PrePrint: Automating Stressmark Generation for Testing Processor Voltage Fluctuations
Rapid current changes (large di/dt) can lead to significant power supply voltage droops and timing errors in modern microprocessors. To test a processor’s resilience to such errors and to determine appropriate operating conditions, engineers generally create manual di/dt stressmarks that have large current variations at close to the resonance frequency of the power distribution network (PDN) to induce large voltage droops. Although this process can uncover potential timing errors and be used to determine processor design margins for voltage and frequency, it is time-consuming and may need to be repeated several times to generate appropriate stressmarks for different system conditions (e.g., different frequencies or di/dt throttling mechanisms). Furthermore, generating efficient di/dt stressmarks for multi-core processors is difficult due to their complexity and synchronization issues. In this article, we measure and analyze di/dt issues on state-of-the-art multi-core x86 systems. We present an AUtomated DI/dT stressmark generation framework, referred to as AUDIT, to generate di/dt stressmarks quickly and effectively for multi-core systems. We showcase AUDIT's capabilities to adjust to microarchitectural and architectural changes. We also present a dithering algorithm to address thread alignment issues on multi-core processors. We compare standard benchmarks, existing di/dt stressmarks, and AUDIT-generated stressmarks executing on multi-threaded, multi-core systems with complex out-of-order pipelines.

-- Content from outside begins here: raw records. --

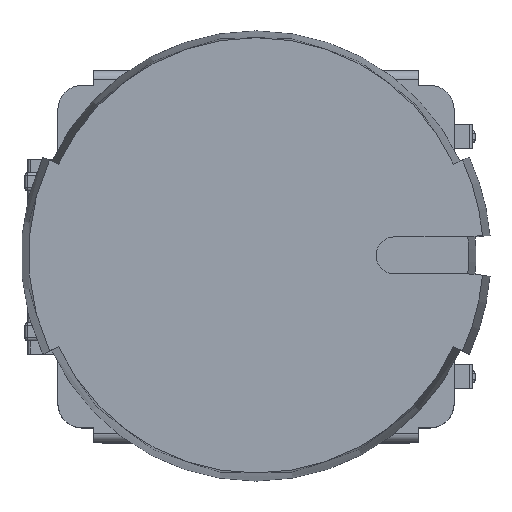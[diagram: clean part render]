
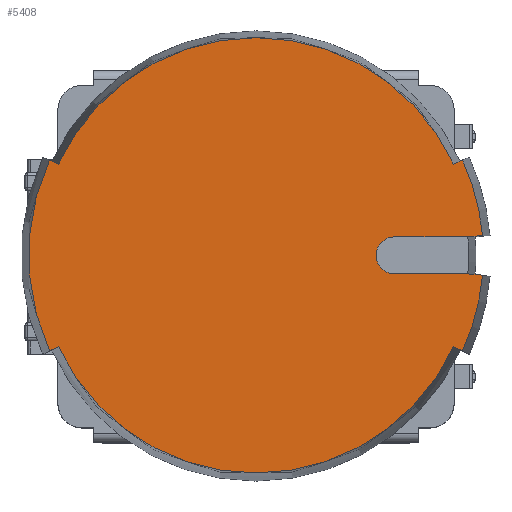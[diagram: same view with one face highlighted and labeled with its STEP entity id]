
A CAD part, top view. The second image highlights one B-rep face of the part: STEP entity #5408.
In plain terms, the highlighted planar face has unit normal (0, 0, 1).
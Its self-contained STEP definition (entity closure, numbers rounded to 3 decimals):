
#4510 = EDGE_CURVE('',#4511,#4513,#4515,.T.);
#4511 = VERTEX_POINT('',#4512);
#4512 = CARTESIAN_POINT('',(14.986,-3.15,
    29.99));
#4513 = VERTEX_POINT('',#4514);
#4514 = CARTESIAN_POINT('',(14.488,-3.107,
    29.99));
#4515 = LINE('',#4516,#4517);
#4516 = CARTESIAN_POINT('',(11.151,-2.815,29.99));
#4517 = VECTOR('',#4518,1.);
#4518 = DIRECTION('',(-0.996,0.087,0.));
#4552 = VERTEX_POINT('',#4553);
#4553 = CARTESIAN_POINT('',(14.488,-1.873,
    29.99));
#4583 = EDGE_CURVE('',#4511,#4584,#4586,.T.);
#4584 = VERTEX_POINT('',#4585);
#4585 = CARTESIAN_POINT('',(14.316,-5.667,
    29.99));
#4586 = CIRCLE('',#4587,7.575);
#4587 = AXIS2_PLACEMENT_3D('',#4588,#4589,#4590);
#4588 = CARTESIAN_POINT('',(7.44,-2.49,29.99));
#4589 = DIRECTION('',(0.,0.,-1.));
#4590 = DIRECTION('',(1.,0.,0.));
#4607 = EDGE_CURVE('',#4552,#4608,#4610,.T.);
#4608 = VERTEX_POINT('',#4609);
#4609 = CARTESIAN_POINT('',(14.986,-1.83,
    29.99));
#4610 = LINE('',#4611,#4612);
#4611 = CARTESIAN_POINT('',(11.151,-2.165,29.99));
#4612 = VECTOR('',#4613,1.);
#4613 = DIRECTION('',(0.996,0.087,0.));
#4632 = EDGE_CURVE('',#4584,#4633,#4635,.T.);
#4633 = VERTEX_POINT('',#4634);
#4634 = CARTESIAN_POINT('',(14.021,-5.531,
    29.99));
#4635 = LINE('',#4636,#4637);
#4636 = CARTESIAN_POINT('',(7.44,-2.49,29.99));
#4637 = VECTOR('',#4638,1.);
#4638 = DIRECTION('',(-0.908,0.419,0.));
#4658 = VERTEX_POINT('',#4659);
#4659 = CARTESIAN_POINT('',(14.316,0.687,
    29.99));
#4665 = EDGE_CURVE('',#4658,#4608,#4666,.T.);
#4666 = CIRCLE('',#4667,7.575);
#4667 = AXIS2_PLACEMENT_3D('',#4668,#4669,#4670);
#4668 = CARTESIAN_POINT('',(7.44,-2.49,29.99));
#4669 = DIRECTION('',(0.,0.,-1.));
#4670 = DIRECTION('',(1.,0.,0.));
#4681 = VERTEX_POINT('',#4682);
#4682 = CARTESIAN_POINT('',(0.859,-5.531,
    29.99));
#4690 = EDGE_CURVE('',#4681,#4633,#4691,.T.);
#4691 = CIRCLE('',#4692,7.25);
#4692 = AXIS2_PLACEMENT_3D('',#4693,#4694,#4695);
#4693 = CARTESIAN_POINT('',(7.44,-2.49,29.99));
#4694 = DIRECTION('',(0.,0.,1.));
#4695 = DIRECTION('',(0.,-1.,0.));
#4708 = VERTEX_POINT('',#4709);
#4709 = CARTESIAN_POINT('',(14.021,0.551,
    29.99));
#4715 = EDGE_CURVE('',#4708,#4658,#4716,.T.);
#4716 = LINE('',#4717,#4718);
#4717 = CARTESIAN_POINT('',(7.44,-2.49,29.99));
#4718 = VECTOR('',#4719,1.);
#4719 = DIRECTION('',(0.908,0.419,0.));
#4730 = EDGE_CURVE('',#4681,#4731,#4733,.T.);
#4731 = VERTEX_POINT('',#4732);
#4732 = CARTESIAN_POINT('',(0.564,-5.667,
    29.99));
#4733 = LINE('',#4734,#4735);
#4734 = CARTESIAN_POINT('',(7.44,-2.49,29.99));
#4735 = VECTOR('',#4736,1.);
#4736 = DIRECTION('',(-0.908,-0.419,0.));
#4754 = VERTEX_POINT('',#4755);
#4755 = CARTESIAN_POINT('',(0.859,0.551,
    29.99));
#4761 = EDGE_CURVE('',#4708,#4754,#4762,.T.);
#4762 = CIRCLE('',#4763,7.25);
#4763 = AXIS2_PLACEMENT_3D('',#4764,#4765,#4766);
#4764 = CARTESIAN_POINT('',(7.44,-2.49,29.99));
#4765 = DIRECTION('',(0.,0.,1.));
#4766 = DIRECTION('',(0.,-1.,0.));
#4780 = EDGE_CURVE('',#4781,#4731,#4783,.T.);
#4781 = VERTEX_POINT('',#4782);
#4782 = CARTESIAN_POINT('',(0.564,0.687,29.99
    ));
#4783 = CIRCLE('',#4784,7.575);
#4784 = AXIS2_PLACEMENT_3D('',#4785,#4786,#4787);
#4785 = CARTESIAN_POINT('',(7.44,-2.49,29.99));
#4786 = DIRECTION('',(0.,0.,1.));
#4787 = DIRECTION('',(-1.,0.,0.));
#4806 = EDGE_CURVE('',#4781,#4754,#4807,.T.);
#4807 = LINE('',#4808,#4809);
#4808 = CARTESIAN_POINT('',(7.44,-2.49,29.99));
#4809 = VECTOR('',#4810,1.);
#4810 = DIRECTION('',(0.908,-0.419,0.));
#5408 = ADVANCED_FACE('',(#5409),#5454,.T.);
#5409 = FACE_BOUND('',#5410,.T.);
#5410 = EDGE_LOOP('',(#5411,#5419,#5428,#5437,#5443,#5444,#5445,#5446,
    #5447,#5448,#5449,#5450,#5451,#5452,#5453));
#5411 = ORIENTED_EDGE('',*,*,#5412,.T.);
#5412 = EDGE_CURVE('',#4513,#5413,#5415,.T.);
#5413 = VERTEX_POINT('',#5414);
#5414 = CARTESIAN_POINT('',(12.057,-3.107,29.99));
#5415 = LINE('',#5416,#5417);
#5416 = CARTESIAN_POINT('',(11.39,-3.107,29.99));
#5417 = VECTOR('',#5418,1.);
#5418 = DIRECTION('',(-1.,0.,0.));
#5419 = ORIENTED_EDGE('',*,*,#5420,.T.);
#5420 = EDGE_CURVE('',#5413,#5421,#5423,.T.);
#5421 = VERTEX_POINT('',#5422);
#5422 = CARTESIAN_POINT('',(11.44,-2.49,29.99));
#5423 = CIRCLE('',#5424,0.617);
#5424 = AXIS2_PLACEMENT_3D('',#5425,#5426,#5427);
#5425 = CARTESIAN_POINT('',(12.057,-2.49,29.99));
#5426 = DIRECTION('',(0.,0.,-1.));
#5427 = DIRECTION('',(-1.,0.,-0.));
#5428 = ORIENTED_EDGE('',*,*,#5429,.T.);
#5429 = EDGE_CURVE('',#5421,#5430,#5432,.T.);
#5430 = VERTEX_POINT('',#5431);
#5431 = CARTESIAN_POINT('',(12.057,-1.873,29.99));
#5432 = CIRCLE('',#5433,0.617);
#5433 = AXIS2_PLACEMENT_3D('',#5434,#5435,#5436);
#5434 = CARTESIAN_POINT('',(12.057,-2.49,29.99));
#5435 = DIRECTION('',(0.,0.,-1.));
#5436 = DIRECTION('',(0.,1.,0.));
#5437 = ORIENTED_EDGE('',*,*,#5438,.T.);
#5438 = EDGE_CURVE('',#5430,#4552,#5439,.T.);
#5439 = LINE('',#5440,#5441);
#5440 = CARTESIAN_POINT('',(9.748,-1.873,29.99));
#5441 = VECTOR('',#5442,1.);
#5442 = DIRECTION('',(1.,0.,0.));
#5443 = ORIENTED_EDGE('',*,*,#4607,.T.);
#5444 = ORIENTED_EDGE('',*,*,#4665,.F.);
#5445 = ORIENTED_EDGE('',*,*,#4715,.F.);
#5446 = ORIENTED_EDGE('',*,*,#4761,.T.);
#5447 = ORIENTED_EDGE('',*,*,#4806,.F.);
#5448 = ORIENTED_EDGE('',*,*,#4780,.T.);
#5449 = ORIENTED_EDGE('',*,*,#4730,.F.);
#5450 = ORIENTED_EDGE('',*,*,#4690,.T.);
#5451 = ORIENTED_EDGE('',*,*,#4632,.F.);
#5452 = ORIENTED_EDGE('',*,*,#4583,.F.);
#5453 = ORIENTED_EDGE('',*,*,#4510,.T.);
#5454 = PLANE('',#5455);
#5455 = AXIS2_PLACEMENT_3D('',#5456,#5457,#5458);
#5456 = CARTESIAN_POINT('',(7.44,-2.49,29.99));
#5457 = DIRECTION('',(0.,0.,1.));
#5458 = DIRECTION('',(0.,-1.,0.));
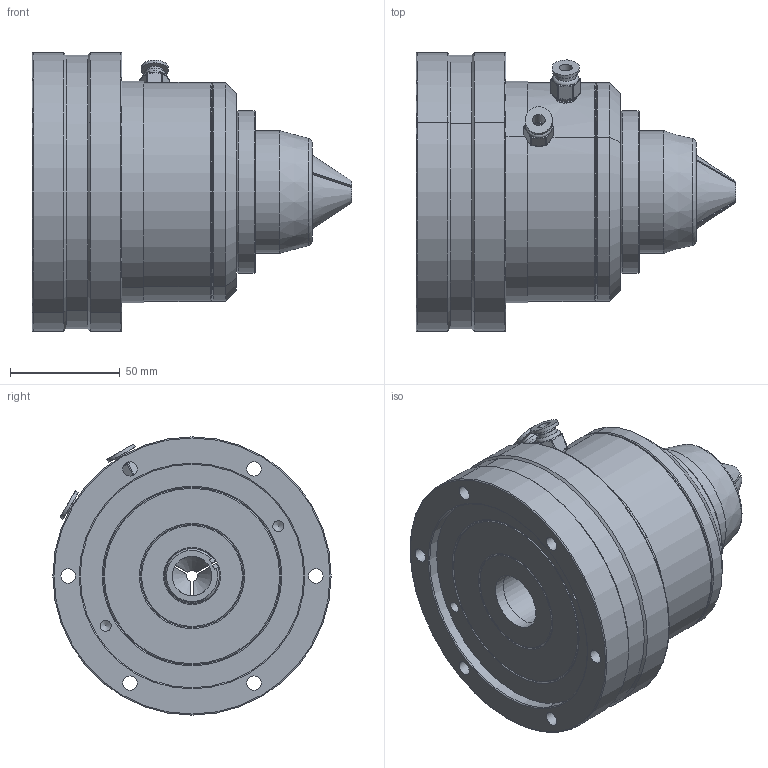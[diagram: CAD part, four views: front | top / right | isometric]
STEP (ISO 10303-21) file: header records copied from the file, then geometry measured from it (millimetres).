
FILE_DESCRIPTION (( 'STEP AP214' ), '1' );
FILE_NAME ('GAL-W25+W25.STEP', '2025-02-05T09:29:35', ( '' ), ( '' ), 'SwSTEP 2.0', 'SolidWorks 2023', '' );
FILE_SCHEMA (( 'AUTOMOTIVE_DESIGN' ));
Length unit declared in the file: millimetre
Products named in the file (3): W25; GAL-W25+W25; GAL-W25
Assembly tree (2 placements, depth 2):
  GAL-W25+W25
    GAL-W25
    W25
Bounding box: 146 x 127 x 127 mm (x, y, z)
Volume: 927541.5 mm3; surface area: 120694.1 mm2
Topology: 6 solids, 6 shells, 635 faces, 1644 edges, 984 vertices
Faces by surface type: plane 207, cylinder 170, bspline 163, cone 46, torus 25, sphere 24
Full cylindrical faces by diameter (mm): 2.9 x8, 4.5 x4, 5 x2, 6 x2, 7.5 x4, 8 x2, 9.5 x2, 18 x1, 26 x2, 47 x1, 49.55 x1, 50.7 x1, 56 x1, 74 x1, 99 x1
Entity records: 68913 total; most frequent: CARTESIAN_POINT 49042, ORIENTED_EDGE 2894, DIRECTION 2382, EDGE_CURVE 1447, VERTEX_POINT 937, AXIS2_PLACEMENT_3D 884, EDGE_LOOP 780, FACE_OUTER_BOUND 683
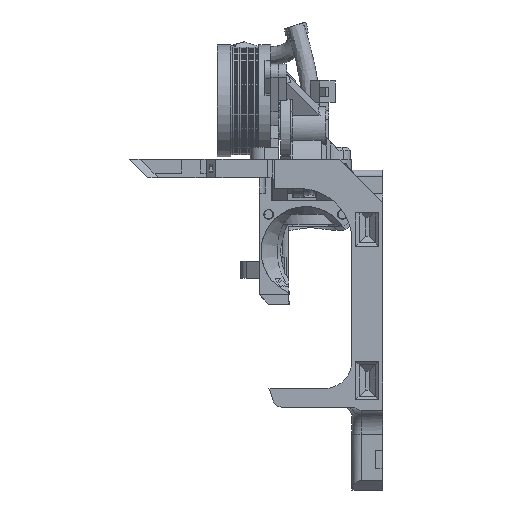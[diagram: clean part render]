
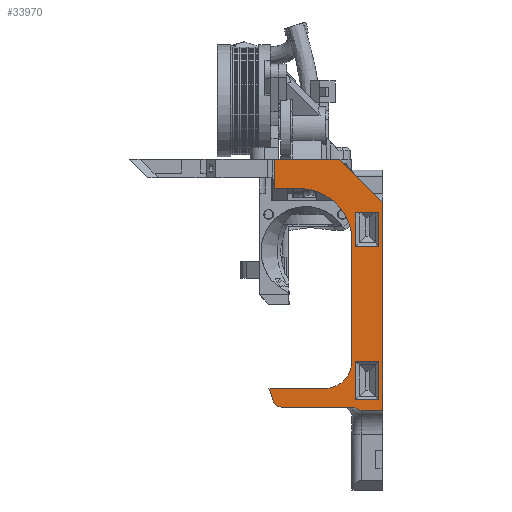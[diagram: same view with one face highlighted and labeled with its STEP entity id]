
A CAD part, left-side view. The second image highlights one B-rep face of the part: STEP entity #33970.
In plain terms, the highlighted planar face has unit normal (-1, 0, 0).
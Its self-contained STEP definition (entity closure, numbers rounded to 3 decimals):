
#454=FACE_BOUND('',#5278,.T.);
#455=FACE_BOUND('',#5279,.T.);
#1599=PLANE('',#36658);
#3300=FACE_OUTER_BOUND('',#5277,.T.);
#5277=EDGE_LOOP('',(#28340,#28341,#28342,#28343,#28344,#28345,#28346,#28347,
#28348,#28349,#28350,#28351,#28352,#28353,#28354));
#5278=EDGE_LOOP('',(#28355,#28356,#28357,#28358));
#5279=EDGE_LOOP('',(#28359,#28360,#28361,#28362));
#6805=CIRCLE('',#36655,17.);
#6807=CIRCLE('',#36659,9.);
#6808=CIRCLE('',#36660,3.);
#6809=CIRCLE('',#36661,3.);
#6810=CIRCLE('',#36662,3.);
#9062=LINE('',#56474,#12657);
#9068=LINE('',#56485,#12663);
#9085=LINE('',#56529,#12680);
#9086=LINE('',#56533,#12681);
#9087=LINE('',#56535,#12682);
#9088=LINE('',#56539,#12683);
#9089=LINE('',#56545,#12684);
#9090=LINE('',#56547,#12685);
#9091=LINE('',#56549,#12686);
#9092=LINE('',#56550,#12687);
#9093=LINE('',#56553,#12688);
#9094=LINE('',#56555,#12689);
#9095=LINE('',#56557,#12690);
#9096=LINE('',#56558,#12691);
#9097=LINE('',#56561,#12692);
#9098=LINE('',#56563,#12693);
#9099=LINE('',#56565,#12694);
#9100=LINE('',#56566,#12695);
#12657=VECTOR('',#43295,10.);
#12663=VECTOR('',#43303,10.);
#12680=VECTOR('',#43346,10.);
#12681=VECTOR('',#43349,10.);
#12682=VECTOR('',#43350,10.);
#12683=VECTOR('',#43353,10.);
#12684=VECTOR('',#43358,10.);
#12685=VECTOR('',#43359,10.);
#12686=VECTOR('',#43360,10.);
#12687=VECTOR('',#43361,10.);
#12688=VECTOR('',#43362,10.);
#12689=VECTOR('',#43363,10.);
#12690=VECTOR('',#43364,10.);
#12691=VECTOR('',#43365,10.);
#12692=VECTOR('',#43366,10.);
#12693=VECTOR('',#43367,10.);
#12694=VECTOR('',#43368,10.);
#12695=VECTOR('',#43369,10.);
#16154=VERTEX_POINT('',#56471);
#16155=VERTEX_POINT('',#56473);
#16159=VERTEX_POINT('',#56483);
#16171=VERTEX_POINT('',#56520);
#16173=VERTEX_POINT('',#56528);
#16174=VERTEX_POINT('',#56530);
#16175=VERTEX_POINT('',#56532);
#16176=VERTEX_POINT('',#56534);
#16177=VERTEX_POINT('',#56536);
#16178=VERTEX_POINT('',#56538);
#16179=VERTEX_POINT('',#56540);
#16180=VERTEX_POINT('',#56542);
#16181=VERTEX_POINT('',#56544);
#16182=VERTEX_POINT('',#56546);
#16183=VERTEX_POINT('',#56548);
#16184=VERTEX_POINT('',#56551);
#16185=VERTEX_POINT('',#56552);
#16186=VERTEX_POINT('',#56554);
#16187=VERTEX_POINT('',#56556);
#16188=VERTEX_POINT('',#56559);
#16189=VERTEX_POINT('',#56560);
#16190=VERTEX_POINT('',#56562);
#16191=VERTEX_POINT('',#56564);
#20401=EDGE_CURVE('',#16154,#16155,#9062,.F.);
#20407=EDGE_CURVE('',#16154,#16159,#9068,.T.);
#20424=EDGE_CURVE('',#16171,#16159,#6805,.T.);
#20428=EDGE_CURVE('',#16171,#16173,#9085,.T.);
#20429=EDGE_CURVE('',#16174,#16173,#6807,.T.);
#20430=EDGE_CURVE('',#16175,#16174,#9086,.T.);
#20431=EDGE_CURVE('',#16176,#16175,#9087,.T.);
#20432=EDGE_CURVE('',#16177,#16176,#6808,.T.);
#20433=EDGE_CURVE('',#16178,#16177,#9088,.T.);
#20434=EDGE_CURVE('',#16179,#16178,#6809,.T.);
#20435=EDGE_CURVE('',#16180,#16179,#6810,.T.);
#20436=EDGE_CURVE('',#16180,#16181,#9089,.T.);
#20437=EDGE_CURVE('',#16182,#16181,#9090,.T.);
#20438=EDGE_CURVE('',#16183,#16182,#9091,.T.);
#20439=EDGE_CURVE('',#16155,#16183,#9092,.T.);
#20440=EDGE_CURVE('',#16184,#16185,#9093,.T.);
#20441=EDGE_CURVE('',#16185,#16186,#9094,.T.);
#20442=EDGE_CURVE('',#16186,#16187,#9095,.T.);
#20443=EDGE_CURVE('',#16187,#16184,#9096,.T.);
#20444=EDGE_CURVE('',#16188,#16189,#9097,.T.);
#20445=EDGE_CURVE('',#16189,#16190,#9098,.T.);
#20446=EDGE_CURVE('',#16190,#16191,#9099,.T.);
#20447=EDGE_CURVE('',#16191,#16188,#9100,.T.);
#28340=ORIENTED_EDGE('',*,*,#20407,.T.);
#28341=ORIENTED_EDGE('',*,*,#20424,.F.);
#28342=ORIENTED_EDGE('',*,*,#20428,.T.);
#28343=ORIENTED_EDGE('',*,*,#20429,.F.);
#28344=ORIENTED_EDGE('',*,*,#20430,.F.);
#28345=ORIENTED_EDGE('',*,*,#20431,.F.);
#28346=ORIENTED_EDGE('',*,*,#20432,.F.);
#28347=ORIENTED_EDGE('',*,*,#20433,.F.);
#28348=ORIENTED_EDGE('',*,*,#20434,.F.);
#28349=ORIENTED_EDGE('',*,*,#20435,.F.);
#28350=ORIENTED_EDGE('',*,*,#20436,.T.);
#28351=ORIENTED_EDGE('',*,*,#20437,.F.);
#28352=ORIENTED_EDGE('',*,*,#20438,.F.);
#28353=ORIENTED_EDGE('',*,*,#20439,.F.);
#28354=ORIENTED_EDGE('',*,*,#20401,.F.);
#28355=ORIENTED_EDGE('',*,*,#20440,.T.);
#28356=ORIENTED_EDGE('',*,*,#20441,.T.);
#28357=ORIENTED_EDGE('',*,*,#20442,.T.);
#28358=ORIENTED_EDGE('',*,*,#20443,.T.);
#28359=ORIENTED_EDGE('',*,*,#20444,.T.);
#28360=ORIENTED_EDGE('',*,*,#20445,.T.);
#28361=ORIENTED_EDGE('',*,*,#20446,.T.);
#28362=ORIENTED_EDGE('',*,*,#20447,.T.);
#33970=ADVANCED_FACE('',(#3300,#454,#455),#1599,.T.);
#36655=AXIS2_PLACEMENT_3D('',#56521,#43336,#43337);
#36658=AXIS2_PLACEMENT_3D('',#56527,#43344,#43345);
#36659=AXIS2_PLACEMENT_3D('',#56531,#43347,#43348);
#36660=AXIS2_PLACEMENT_3D('',#56537,#43351,#43352);
#36661=AXIS2_PLACEMENT_3D('',#56541,#43354,#43355);
#36662=AXIS2_PLACEMENT_3D('',#56543,#43356,#43357);
#43295=DIRECTION('',(0.,0.,-1.));
#43303=DIRECTION('',(0.,-1.,0.));
#43336=DIRECTION('center_axis',(-1.,0.,0.));
#43337=DIRECTION('ref_axis',(0.,-1.,0.));
#43344=DIRECTION('center_axis',(-1.,0.,0.));
#43345=DIRECTION('ref_axis',(0.,0.,-1.));
#43346=DIRECTION('',(0.,0.,-1.));
#43347=DIRECTION('center_axis',(-1.,0.,0.));
#43348=DIRECTION('ref_axis',(0.,-0.707,-0.707));
#43349=DIRECTION('',(0.,-1.,0.));
#43350=DIRECTION('',(0.,0.316,0.949));
#43351=DIRECTION('center_axis',(1.,0.,0.));
#43352=DIRECTION('ref_axis',(0.,0.585,-0.811));
#43353=DIRECTION('',(0.,1.,0.));
#43354=DIRECTION('center_axis',(-1.,0.,0.));
#43355=DIRECTION('ref_axis',(0.,-0.289,0.957));
#43356=DIRECTION('center_axis',(1.,0.,0.));
#43357=DIRECTION('ref_axis',(0.,0.707,-0.707));
#43358=DIRECTION('',(0.,-1.,0.));
#43359=DIRECTION('',(0.,0.,-1.));
#43360=DIRECTION('',(0.,-0.707,-0.707));
#43361=DIRECTION('',(0.,-1.,0.));
#43362=DIRECTION('',(0.,0.,-1.));
#43363=DIRECTION('',(0.,1.,0.));
#43364=DIRECTION('',(0.,0.,1.));
#43365=DIRECTION('',(0.,-1.,0.));
#43366=DIRECTION('',(0.,1.,0.));
#43367=DIRECTION('',(0.,0.,1.));
#43368=DIRECTION('',(0.,-1.,0.));
#43369=DIRECTION('',(0.,0.,-1.));
#56471=CARTESIAN_POINT('',(-30.,-24.3,16.1));
#56473=CARTESIAN_POINT('',(-30.,-24.3,25.6));
#56474=CARTESIAN_POINT('',(-30.,-24.3,22.6));
#56483=CARTESIAN_POINT('',(-30.,-32.5,16.1));
#56485=CARTESIAN_POINT('',(-30.,-49.5,16.1));
#56520=CARTESIAN_POINT('',(-30.,-49.5,-0.9));
#56521=CARTESIAN_POINT('Origin',(-30.,-32.5,-0.9));
#56527=CARTESIAN_POINT('Origin',(-30.,-49.5,25.6));
#56528=CARTESIAN_POINT('',(-30.,-49.5,-40.));
#56529=CARTESIAN_POINT('',(-30.,-49.5,25.6));
#56530=CARTESIAN_POINT('',(-30.,-40.5,-49.));
#56531=CARTESIAN_POINT('Origin',(-30.,-40.5,-40.));
#56532=CARTESIAN_POINT('',(-30.,-22.5,-49.));
#56533=CARTESIAN_POINT('',(-30.,-42.75,-49.));
#56534=CARTESIAN_POINT('',(-30.,-23.816,-52.949));
#56535=CARTESIAN_POINT('',(-30.,-13.16,-20.98));
#56536=CARTESIAN_POINT('',(-30.,-26.662,-55.));
#56537=CARTESIAN_POINT('Origin',(-30.,-26.662,-52.));
#56538=CARTESIAN_POINT('',(-30.,-49.183,-55.));
#56539=CARTESIAN_POINT('',(-30.,-36.,-55.));
#56540=CARTESIAN_POINT('',(-30.,-50.842,-55.5));
#56541=CARTESIAN_POINT('Origin',(-30.,-49.183,-58.));
#56542=CARTESIAN_POINT('',(-30.,-52.5,-56.));
#56543=CARTESIAN_POINT('Origin',(-30.,-52.5,-53.));
#56544=CARTESIAN_POINT('',(-30.,-59.5,-56.));
#56545=CARTESIAN_POINT('',(-30.,-49.5,-56.));
#56546=CARTESIAN_POINT('',(-30.,-59.5,11.6));
#56547=CARTESIAN_POINT('',(-30.,-59.5,25.6));
#56548=CARTESIAN_POINT('',(-30.,-45.5,25.6));
#56549=CARTESIAN_POINT('',(-30.,-50.,21.1));
#56550=CARTESIAN_POINT('',(-30.,-49.5,25.6));
#56551=CARTESIAN_POINT('',(-30.,-58.283,8.16));
#56552=CARTESIAN_POINT('',(-30.,-58.283,-2.683));
#56553=CARTESIAN_POINT('',(-30.,-58.283,0.95));
#56554=CARTESIAN_POINT('',(-30.,-50.717,-2.683));
#56555=CARTESIAN_POINT('',(-30.,-51.375,-2.683));
#56556=CARTESIAN_POINT('',(-30.,-50.717,8.16));
#56557=CARTESIAN_POINT('',(-30.,-50.717,-1.55));
#56558=CARTESIAN_POINT('',(-30.,-49.5,8.16));
#56559=CARTESIAN_POINT('',(-30.,-58.283,-52.683));
#56560=CARTESIAN_POINT('',(-30.,-50.717,-52.683));
#56561=CARTESIAN_POINT('',(-30.,-51.375,-52.683));
#56562=CARTESIAN_POINT('',(-30.,-50.717,-40.117));
#56563=CARTESIAN_POINT('',(-30.,-50.717,-14.05));
#56564=CARTESIAN_POINT('',(-30.,-58.283,-40.117));
#56565=CARTESIAN_POINT('',(-30.,-50.125,-40.117));
#56566=CARTESIAN_POINT('',(-30.,-58.283,-11.55));

PrePrint: Improving Throughput of Many-core Processors Based on Unreliable Emerging Devices under Power Constraint
Devices based on emerging technologies such as carbon nanotubes (CNTs) are faster and consume much less power than CMOS devices for the same size device. However, current CNT devices exhibit a much higher defect rate than CMOS de-vices. To reduce the defect rate of CNT devices, a device-level redundancy technique can be adopted, but more redundancy in turn increases area, delay, and power consumption. In this article, we propose to use slightly less device-level redundancy than required for all the cores in a CNT processor to be defect-free cores for a yield target. This leads to some defective cores in a chip, but cores become smaller, faster, and consume less power, while many-core processors can tolerate some defective cores by design (i.e., core-level redundancy). We show that a CNT processor with such cores can provide up to 75% higher throughput while it is 46% smaller area than a CNT processor designed to operate all the cores with more device level redundancy for the same power consumption and yield.